Dear Liz: I've accumulated too many credit cards, sometimes to get extra frequent flier miles. All frequent flyer miles cards have an annual fee. I always pay the cards in full every month.
My credit score is over 800 every month. You've heard that your credit score is affected when credit accounts are closed. Is this true and how much? How do you recommend reducing the number of credit cards?
Answer: Yes, foreclosure cards can hurt your credit score. The “how much” question is impossible to predict and will depend on your credit situation as well as how you reduce your card wallet.
Keep in mind that there is no such thing as “too many credit cards” when it comes to credit scoring formulas. As long as you pay your bills on time and use only a small portion of your available credit limits, you can get a lot of cards and great results.
However, monitoring a bunch of different cards can be overwhelming. You also don't want to keep paying annual fees for cards that don't offer enough benefits.

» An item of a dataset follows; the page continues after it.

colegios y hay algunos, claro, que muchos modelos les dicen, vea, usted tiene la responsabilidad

If fees are your primary concern, identify the cards you want to close and ask the issuers if you can get a “product change” to a no-fee card. This usually will not affect your score because the account is simply transferred rather than closed and reopened.
If you need to thin out the herd, know that credit scoring formulas are sensitive to credit utilization, or the amount of available credit you use on each card and overall.

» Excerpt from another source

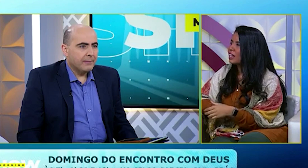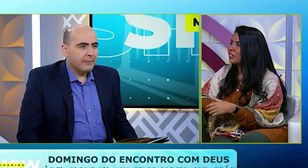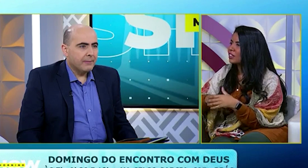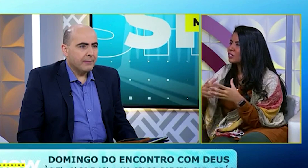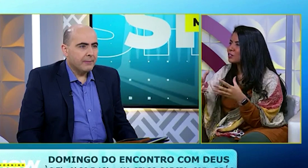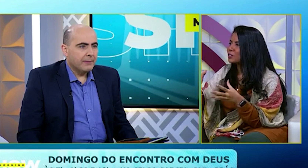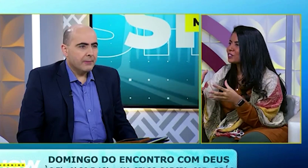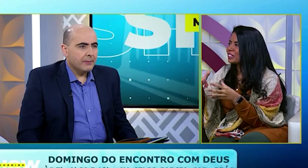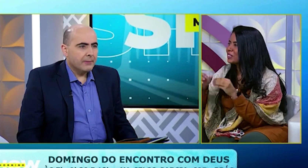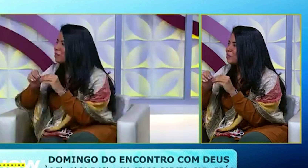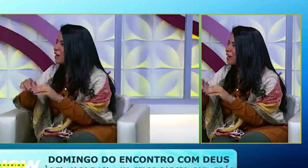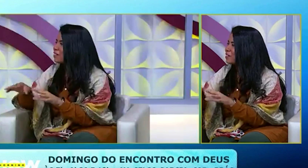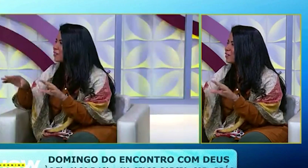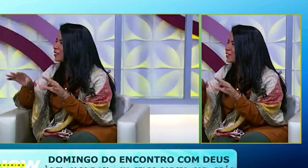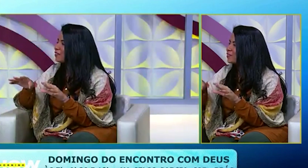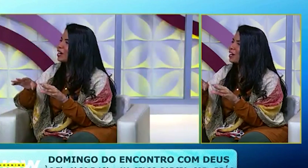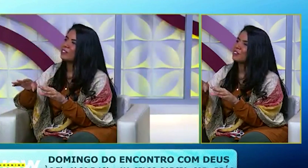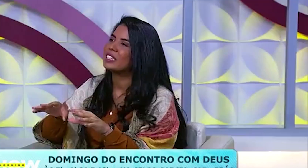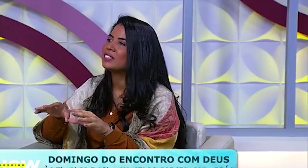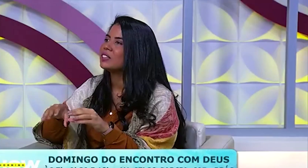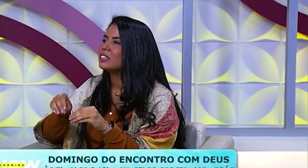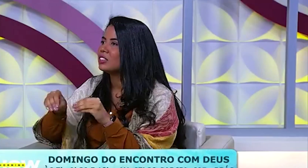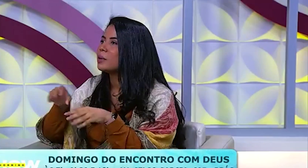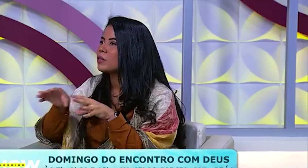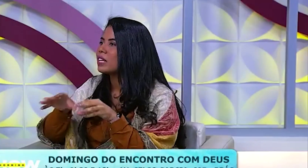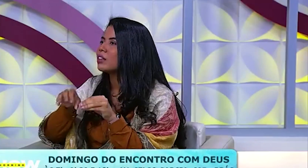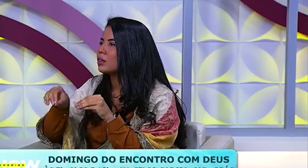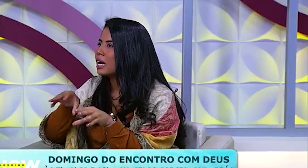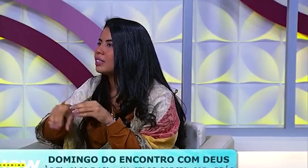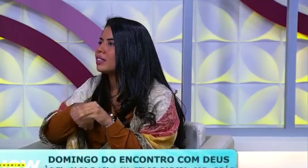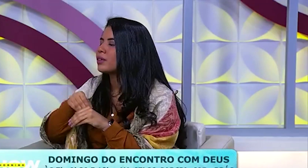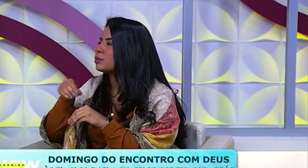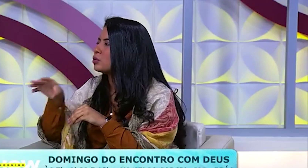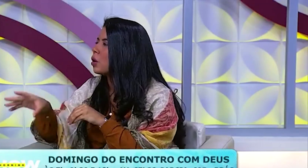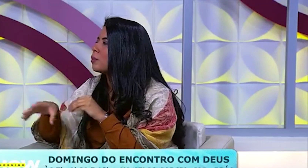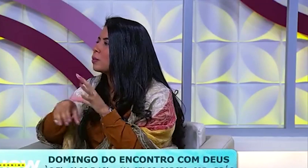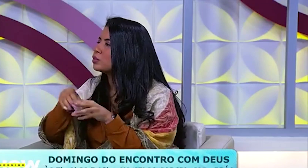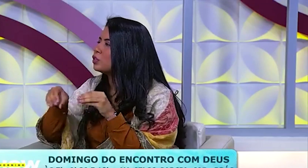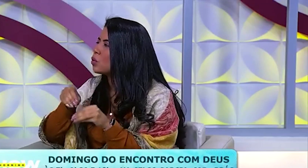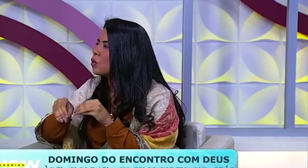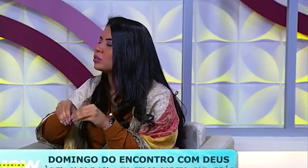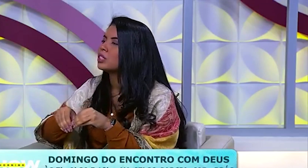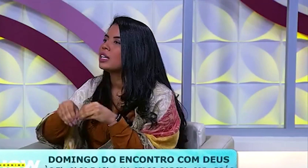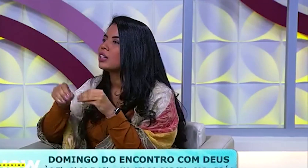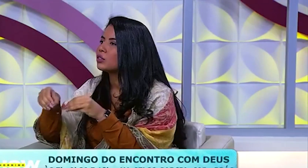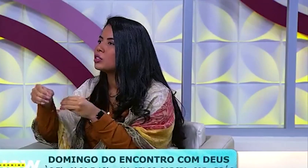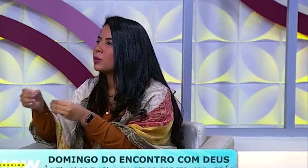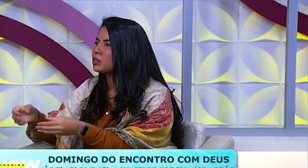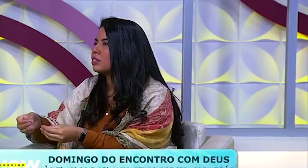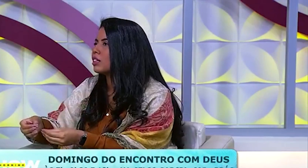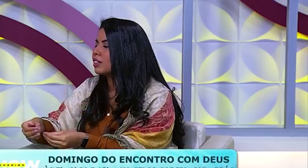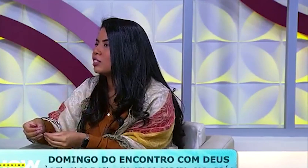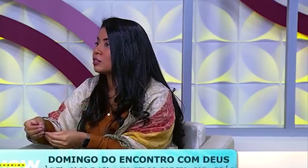Sim. No caso dos surdos, Eles se espalham Por São Paulo, né? Então, A gente sempre consegue Locais, sim, Como shopping, Pontos de encontros, Que são

If you have multiple cards from the same issuer, ask if it's possible to add the credit limit from the card you're closing to one of your remaining cards. Another option is to close only cards with minimums.
You won't want to close any cards if you're looking for a large loan, such as auto financing or a mortgage, in the next few months. Defer until after you get the loan.
Also try to use or transfer any points or miles you have earned on cards you plan to close because these rewards may disappear upon closing.
Determine the value of the house
Dear Liz: I understand that as a widow, if I sell my home, I get the increased value from the year my husband died. Should I have gotten an appraisal back then (26 years ago)? How do I know what my home is worth at that time? We bought him in 1973 and he died in 1998.
Answer: In most states, half of the property owned jointly by a married couple receives a new, favorable increase in tax basis upon the death of the spouse. In community property states like California, both halves of the property may get this move.
A professional appraisal 26 years ago would have been helpful, although a good appraiser can do a retrospective appraisal, said Jennifer Soday, a Long Beach estate planning attorney.
Before you hire an appraiser, hire a tax professional, Soday said. Your CPA or tax preparer will use the data to file your return, report the sale of your home and calculate any capital gains taxes due, so find out how they recommend getting it.
Alternatives to paper checks
Dear Liz: Because I'm concerned about check fraud, I pay most of my bills online. However, you still need checks to pay the housekeeper, gardener, etc. I use a gel ink pen to deter fraud but I'm wondering if there is something else I should consider doing.
Answer: Checks you hand out to people you know are probably less risky than ones you send through the mail, but there may be better options.
Most Americans have accounts that include at least one peer-to-peer payment app, such as Venmo, Zelle, or PayPal. This can be a safe and convenient way to pay people you know.
Make sure to create a strong, unique password for your account and to keep apps updated. Whatever payment method you use — checks, online payments, or peer-to-peer apps — keep monitoring your linked bank or credit card accounts so you can quickly spot and report any suspicious transactions.
Liz Weston, certified financial planner, is a personal finance columnist for the Los Angeles Times and NerdWallet. Questions can be sent to her at 3940 Laurel Canyon, No. Box 238, Studio City, CA 91604, or by using the “Contact” form at Asklizweston.com.